Repeat exactly the lines that run from the start of the records below to the line with "00:00:01.900", including both of those lines but not the pictures.

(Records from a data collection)
--*--
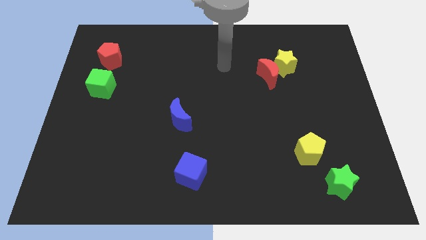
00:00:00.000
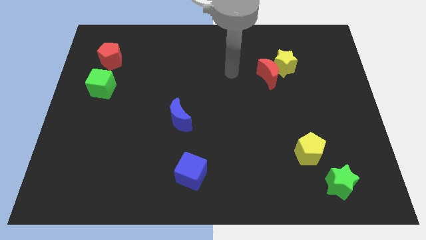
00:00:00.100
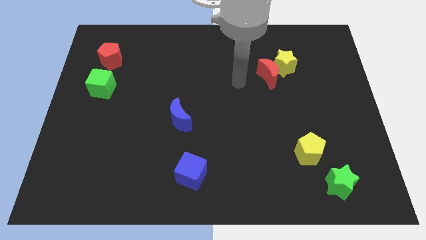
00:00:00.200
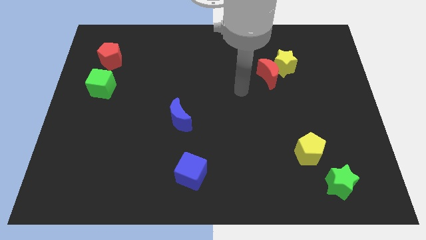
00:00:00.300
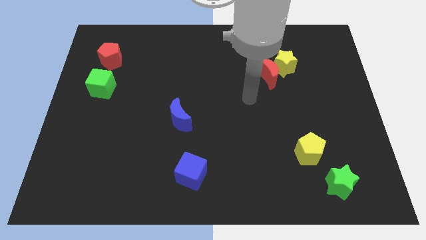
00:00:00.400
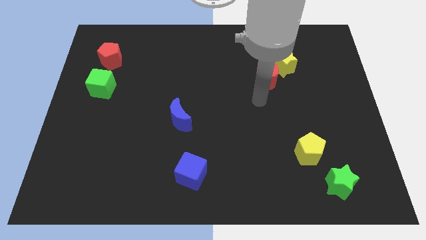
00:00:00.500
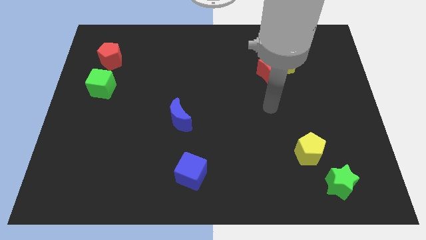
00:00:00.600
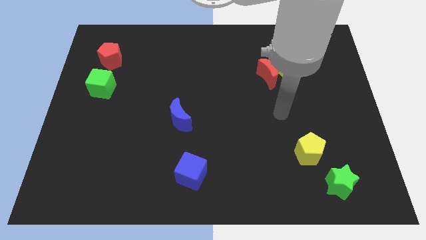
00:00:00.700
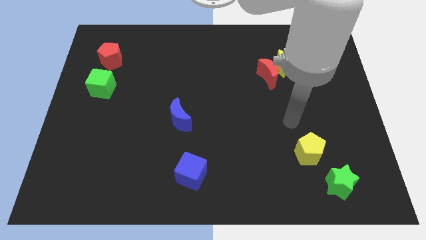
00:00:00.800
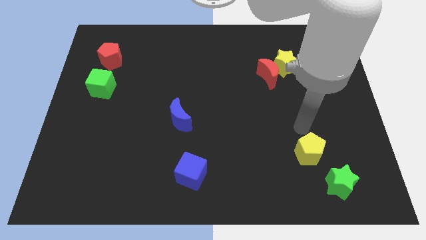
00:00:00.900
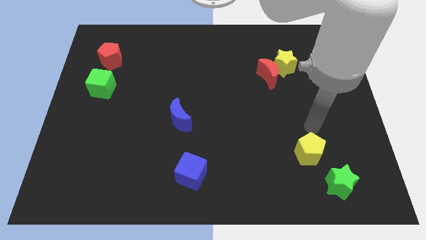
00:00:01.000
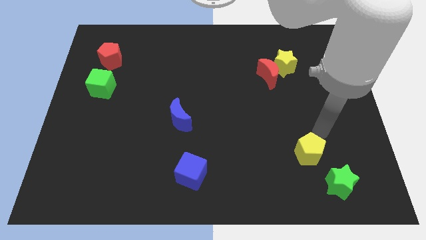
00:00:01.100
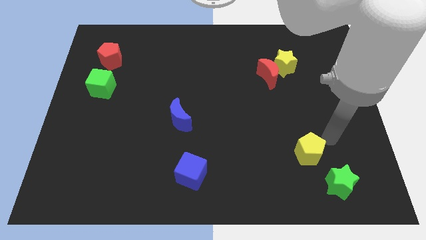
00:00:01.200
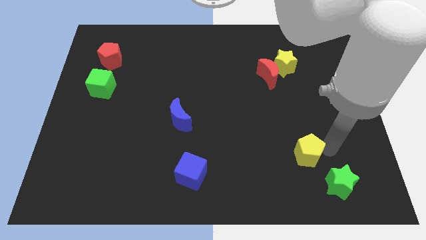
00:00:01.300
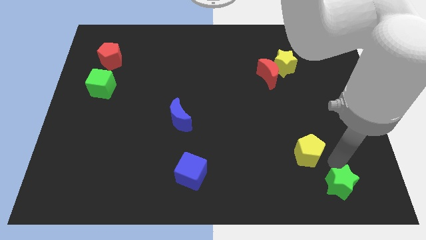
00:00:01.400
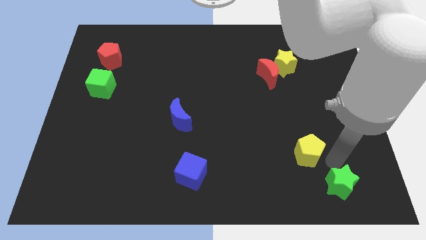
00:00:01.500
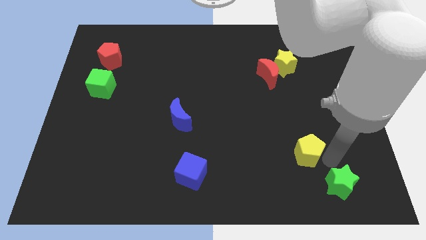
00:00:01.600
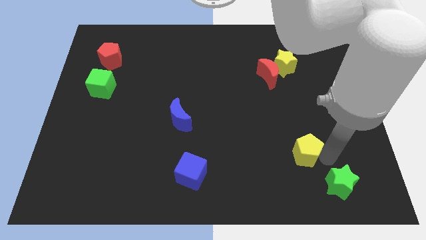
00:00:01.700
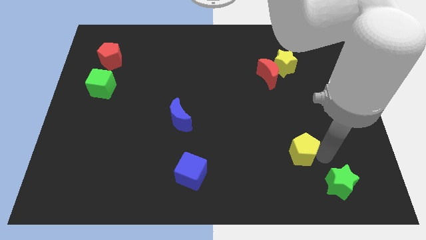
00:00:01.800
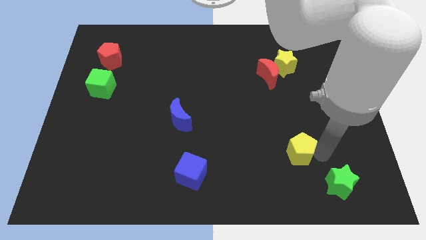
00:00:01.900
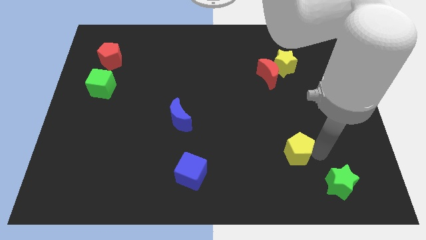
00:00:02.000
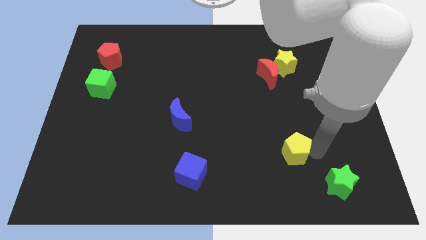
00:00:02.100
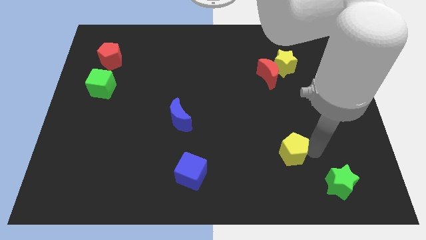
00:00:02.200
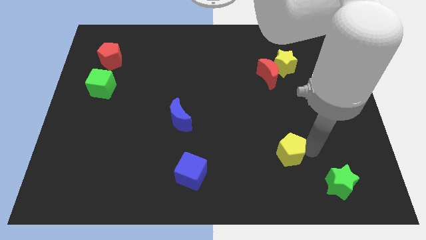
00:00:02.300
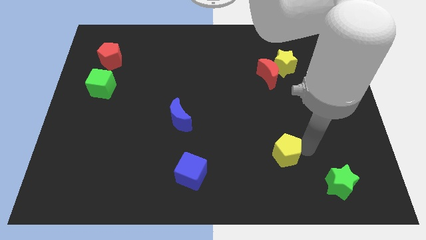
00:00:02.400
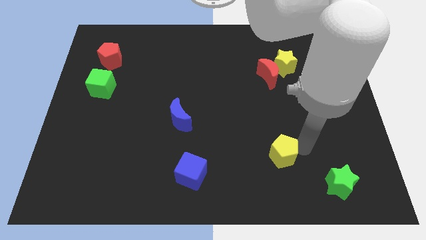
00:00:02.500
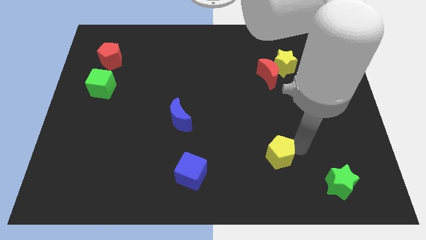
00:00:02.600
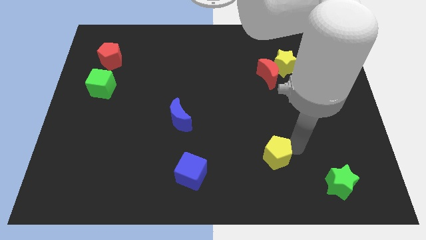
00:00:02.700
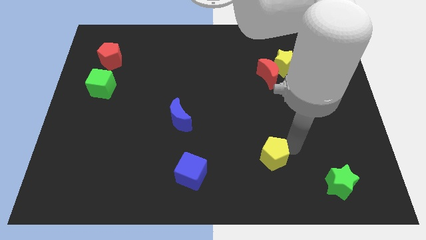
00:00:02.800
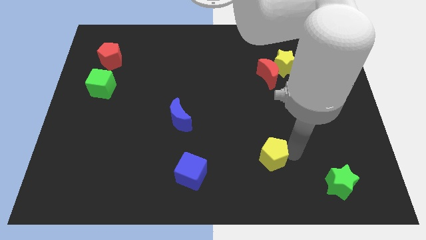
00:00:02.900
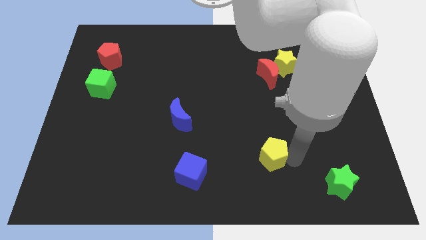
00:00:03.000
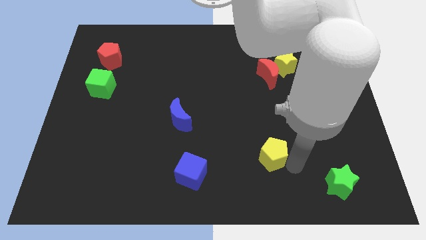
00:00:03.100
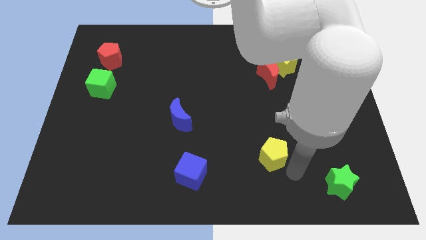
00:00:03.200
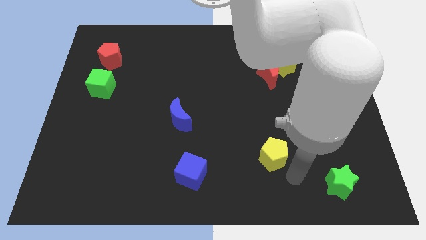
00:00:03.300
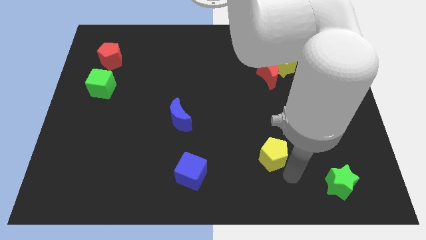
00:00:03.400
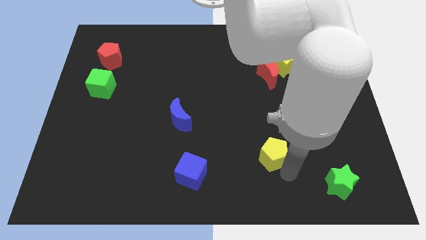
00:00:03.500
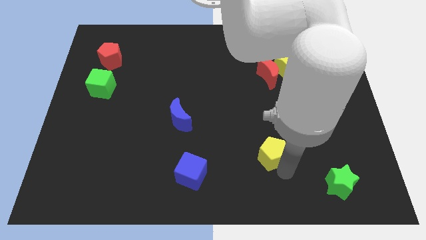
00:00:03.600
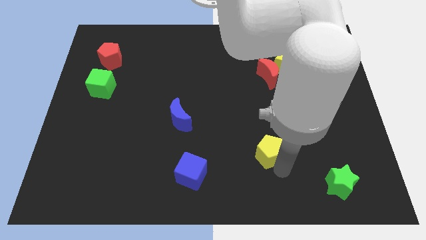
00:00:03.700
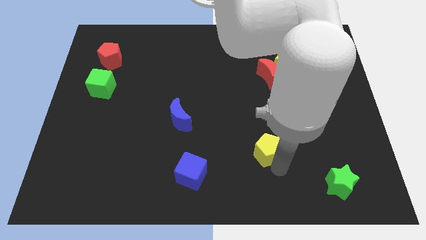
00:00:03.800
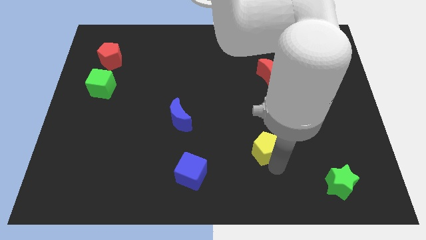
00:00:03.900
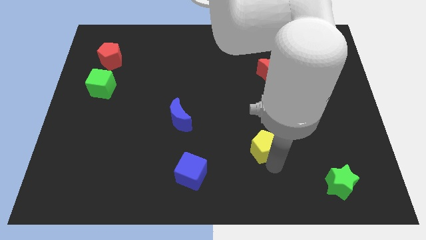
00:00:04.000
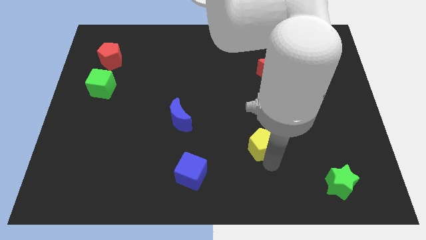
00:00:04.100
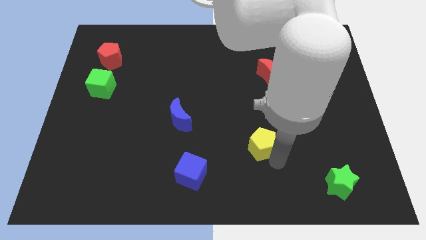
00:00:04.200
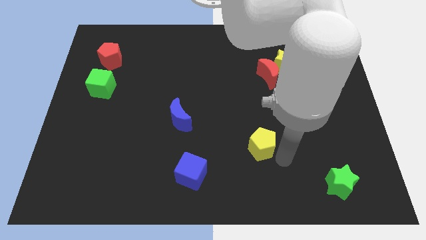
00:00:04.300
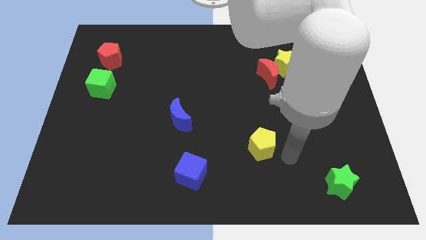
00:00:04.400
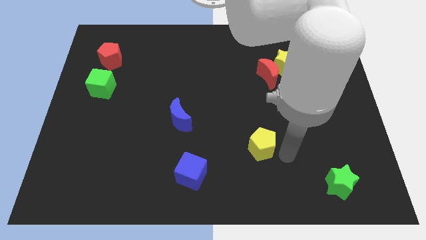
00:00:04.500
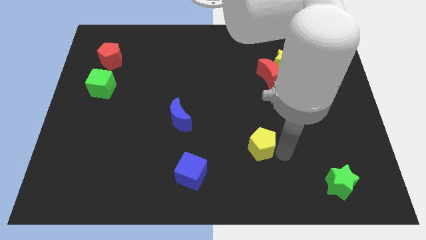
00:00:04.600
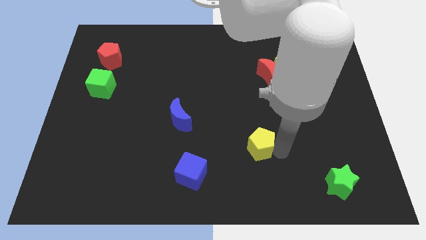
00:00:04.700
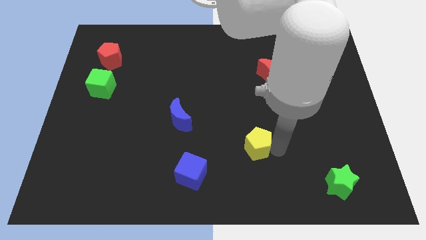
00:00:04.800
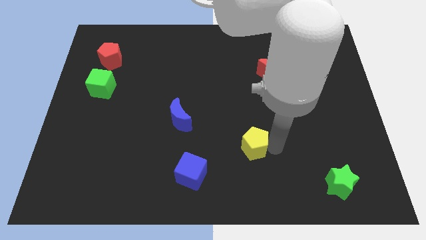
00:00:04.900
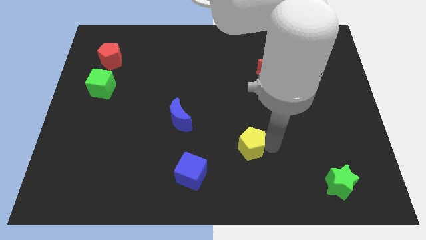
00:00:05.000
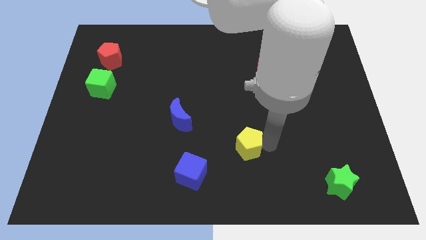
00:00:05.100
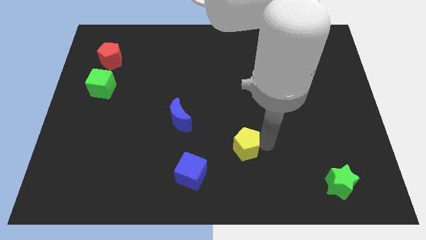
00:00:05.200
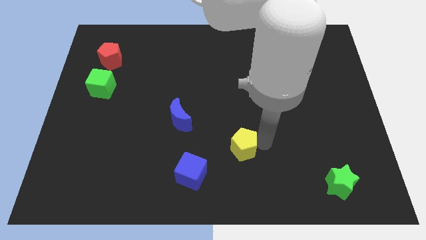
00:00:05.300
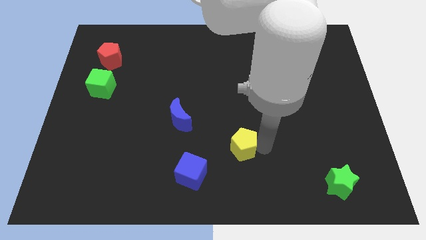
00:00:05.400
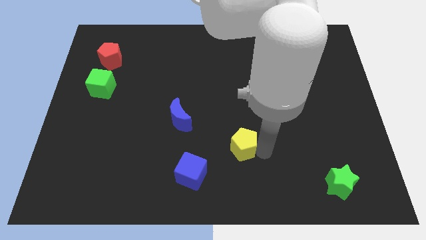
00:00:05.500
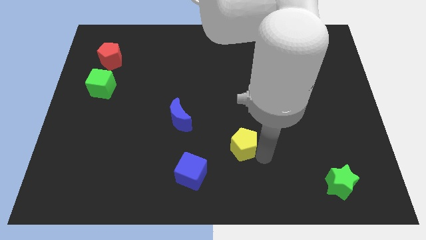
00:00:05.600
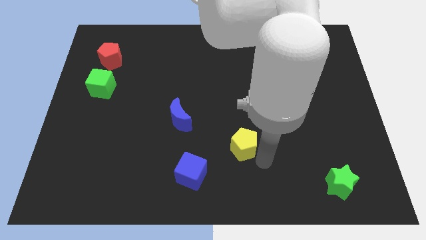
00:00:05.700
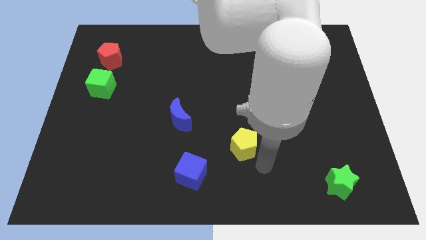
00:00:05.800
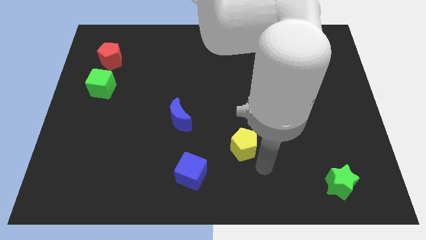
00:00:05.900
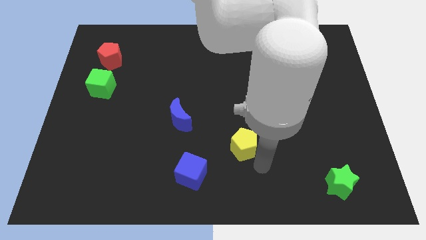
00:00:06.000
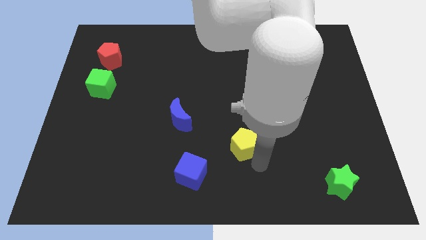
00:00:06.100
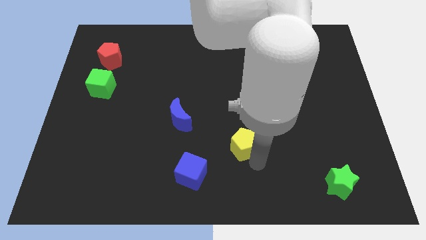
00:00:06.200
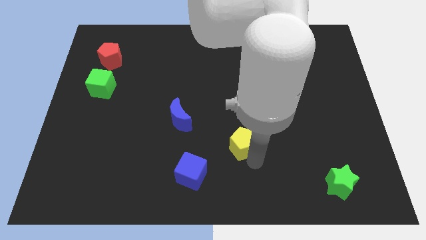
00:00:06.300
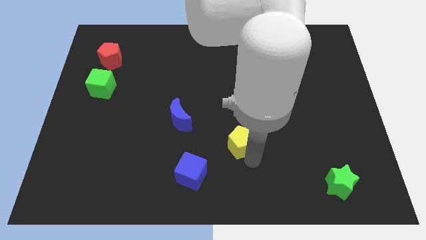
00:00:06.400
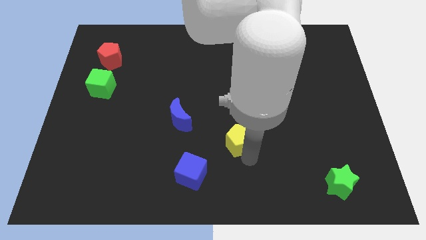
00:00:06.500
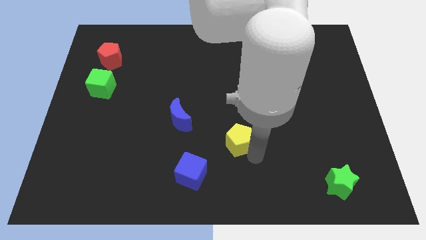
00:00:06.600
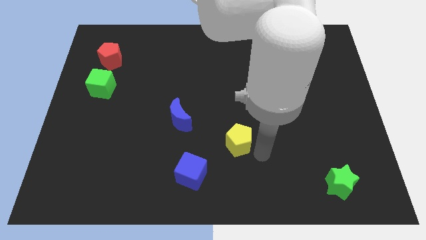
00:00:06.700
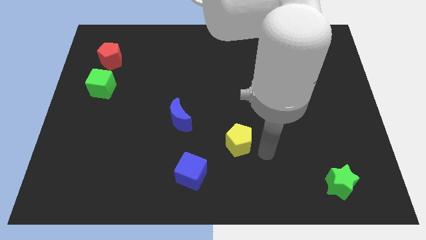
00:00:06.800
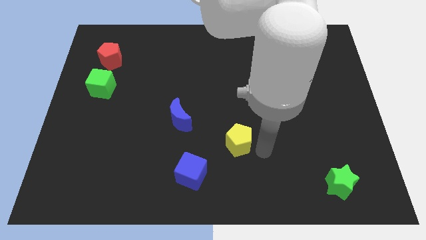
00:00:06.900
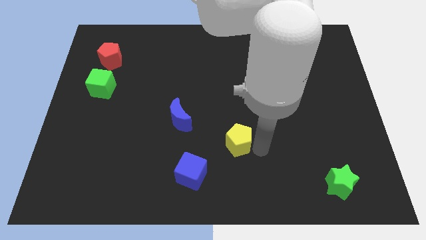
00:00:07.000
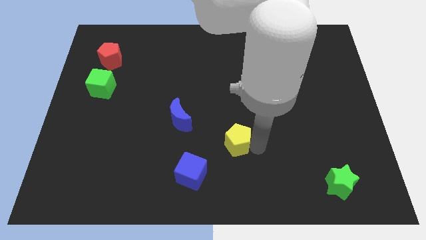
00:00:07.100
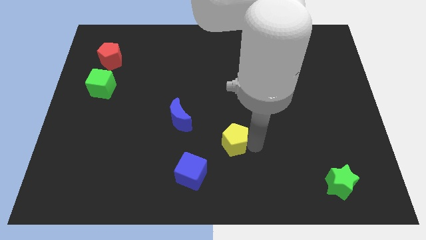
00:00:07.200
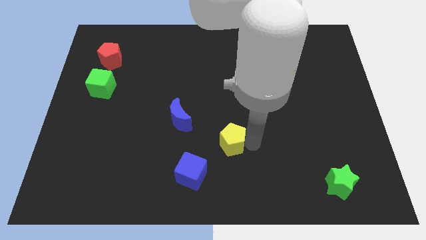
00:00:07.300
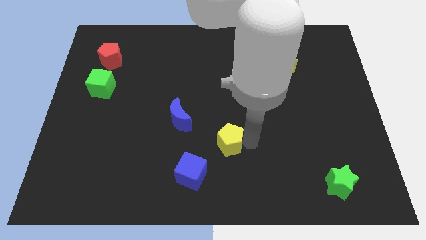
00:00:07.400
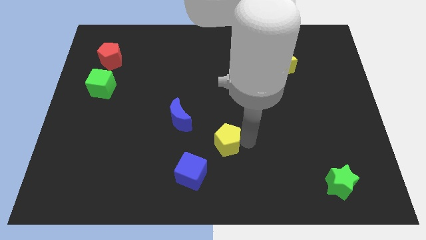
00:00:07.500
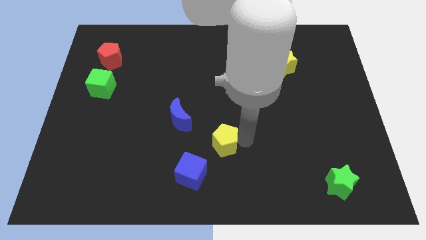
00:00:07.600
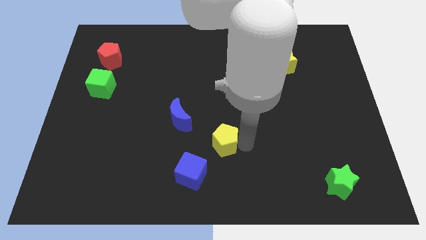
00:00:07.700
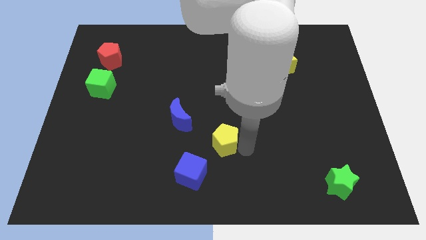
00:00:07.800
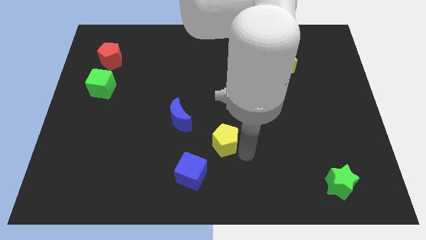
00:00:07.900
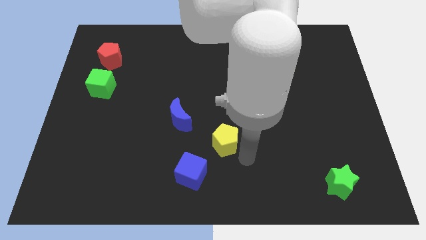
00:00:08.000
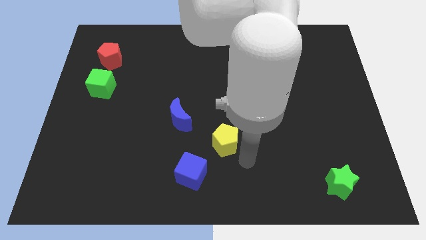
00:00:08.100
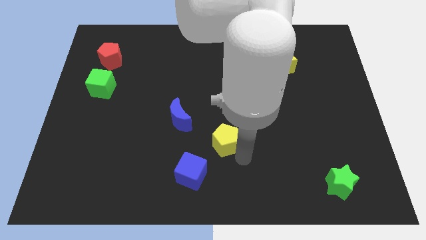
--*--
* Solution to the problem
00:00:00.000
00:00:00.100
00:00:00.200
00:00:00.300
00:00:00.400
00:00:00.500
00:00:00.600
00:00:00.700
00:00:00.800
00:00:00.900
00:00:01.000
00:00:01.100
00:00:01.200
00:00:01.300
00:00:01.400
00:00:01.500
00:00:01.600
00:00:01.700
00:00:01.800
00:00:01.900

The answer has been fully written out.